Interestingly, since it was chrysotile that was the major asbestos of commerce and use in U.K. and U.S., industry seized blue asbestos as the culprit, declaring that white asbestos has not been similarly implicated and so it is safe.

Tweedale and McCullogh give a detailed history of how industry interests in U.S. and in particular Canada (a major world source of chrysotile) campaigned and raised funds for research purporting to show that chrysotile was safe.

As the Isis article points out, when covering the controversy in the period 1950-2004, political, economic and social factors have militated against a speedy resolution of the debate, facilitating the continued production and use of asbestos in the developing world. Let us now look at developments in the biomedical literature during the last few years.

Many published articles

The PubMed database, maintained by the US National Library of Medicine, cites 141 published articles in the last three years on the health effects of chrysotile and just about every one of them reports its ill effects on proteins and DNA, cells and tissues of the body.

Dr Qamar Rahman of the Industrial Toxicology Research Centre at Lucknow was one of the early ones to show how chrysotile induces oxidative stress in experimental animals (J. Biochem. Mol. Toxicol. 17, 366, 2003).

Later studies support her and show that it does so by producing reactive oxygen species, which damage cellular molecules and components. It damages DNA, producing 8-oxo-guanine, and it affects the cell cycle and proliferation of cells.
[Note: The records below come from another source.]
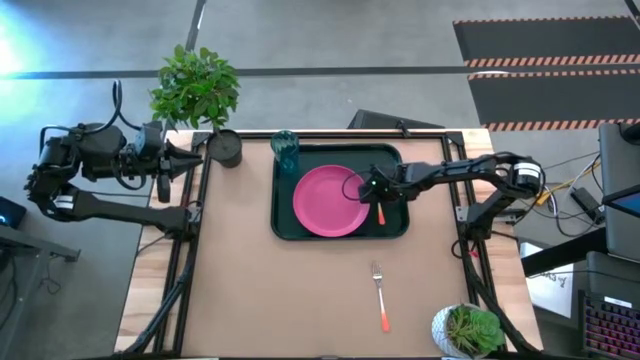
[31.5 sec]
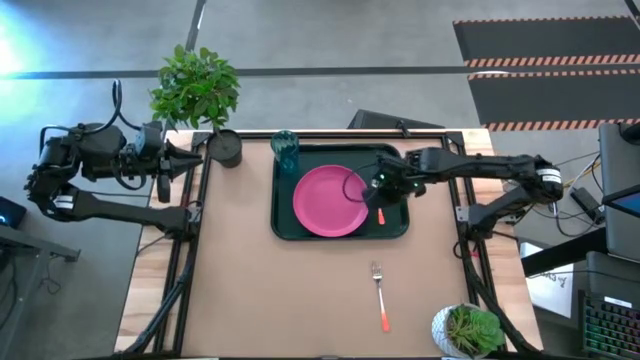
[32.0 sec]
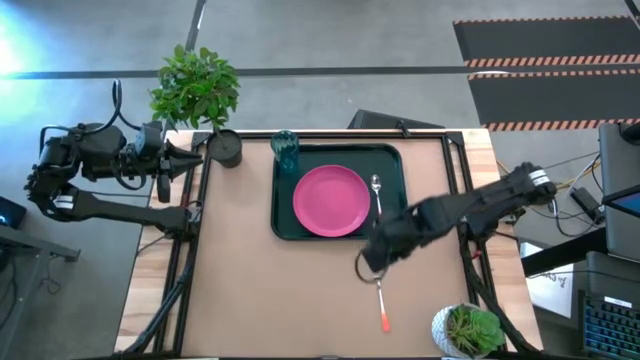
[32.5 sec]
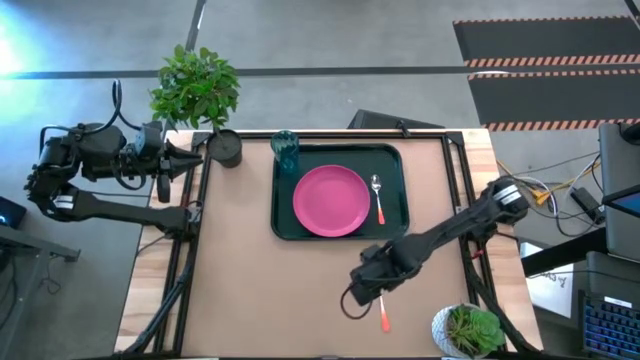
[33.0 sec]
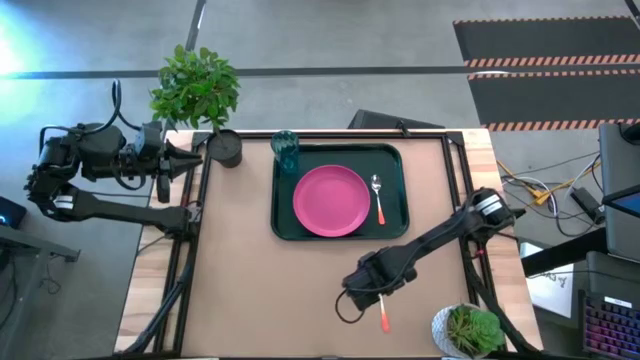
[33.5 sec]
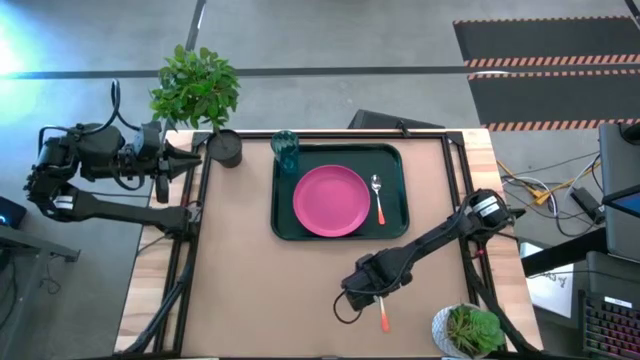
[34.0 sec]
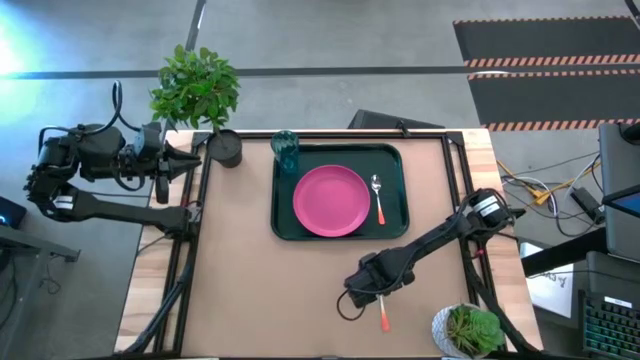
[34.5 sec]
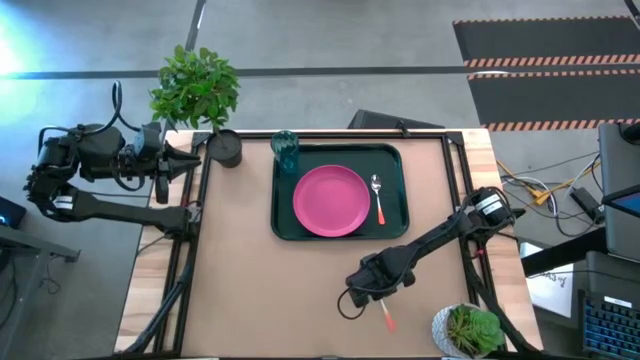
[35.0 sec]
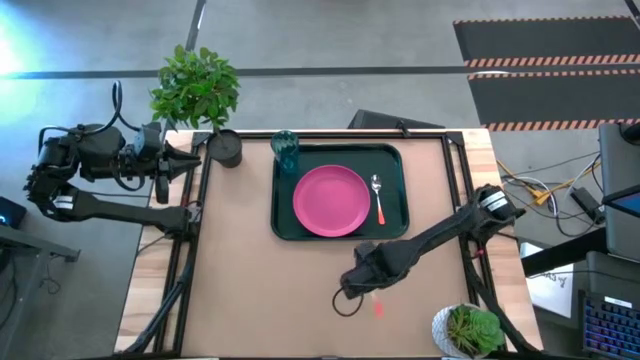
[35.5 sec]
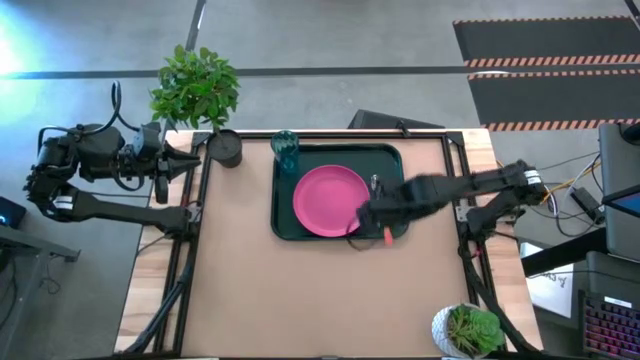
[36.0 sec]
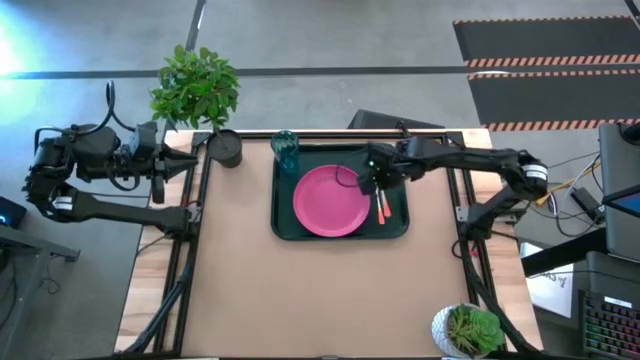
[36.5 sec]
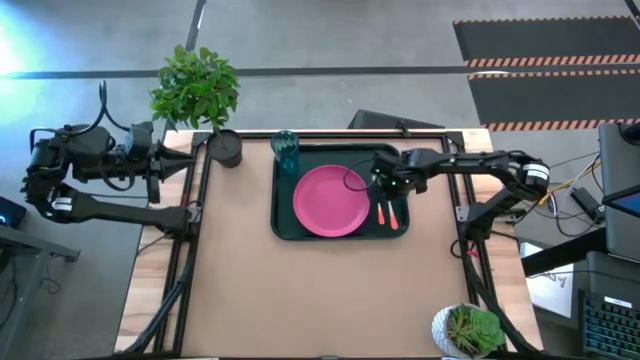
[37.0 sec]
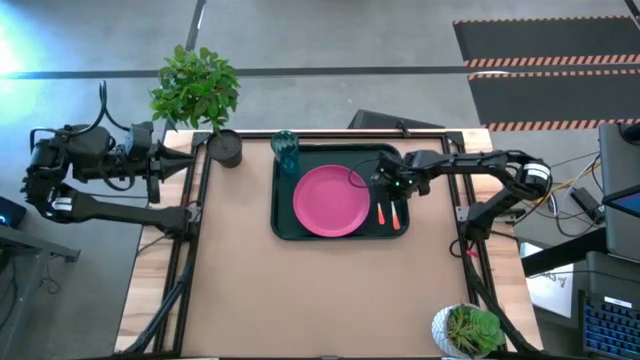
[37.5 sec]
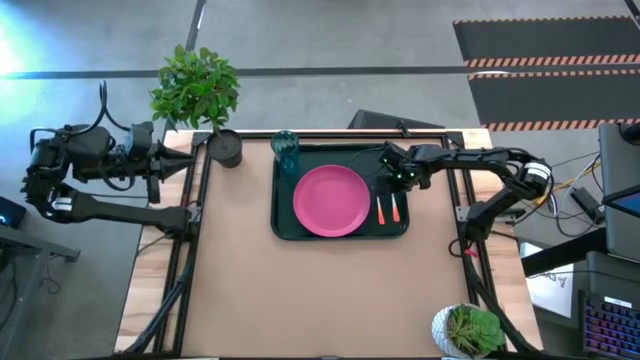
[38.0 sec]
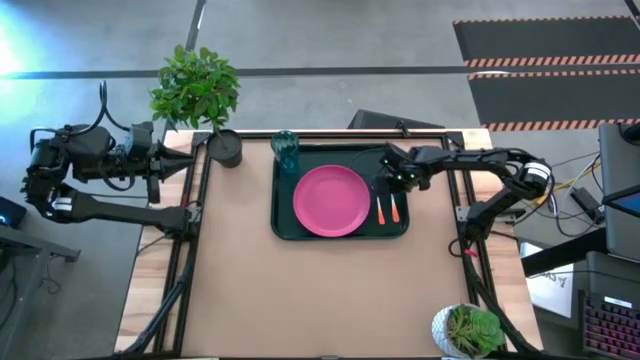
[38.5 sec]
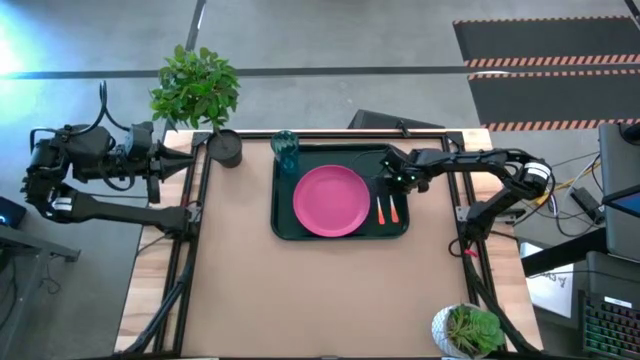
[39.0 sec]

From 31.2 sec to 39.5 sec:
Task: Pick and place plate/cup/fork/spoon on tray
Put the orange fork on the black tray to the right of the orange spoon

These effects are also seen to be specific to the cell type; mesothelial cells are specifically targeted by chrysotile, producing cancer there, while fibroblasts (cells that make up the connective tissue) are not (Kopnin and coworkers: Oncogene 23, 8834, 2004). Li and coworkers in Hangzhou, China did a meta-analysis (which combines the results of several studies addressing a given issue) of cancer mortality among workers exposed only to chrysotile (Biome. Environ. Sci. 17, 459, 2004), concluding that there are excessive risks of lung cancer and mesothelioma among workers exposed to white asbestos alone, and little association between its exposure and cancers at other sites. In other words, chrysotile affects the lungs and pleura specifically.

When discussing epidemiological associations of this type, rigor is provided only when all causal criteria are satisfied.

The British medical statistician Sir Austin Bradford Hill has listed nine such criteria: strength and association, consistency, specificity, temporality, dose-response, biological plausibility, biological coherence, experimental evidence, and analogy.

Causal factor

And, the former Assistant Surgeon General of USPHS, Dr. R.A. Lemen, has applied these nine to the chrysotile-mesothelioma connection (Int. J. Occup. Environ Health 10, 233, 2004), found them all satisfied, and concludes that chrysotile asbestos is not just associated with, but a cause of mesothelioma.

It has been held that controlled use of chrysotile makes it safer. It is interesting to note here that the Appellate Body of the World Trade Organization, in upholding the French ban on asbestos, ruled in 2000 that chrysotile is an established carcinogen, there is no safe threshold and `controlled use' is not an effective alternative to a national ban.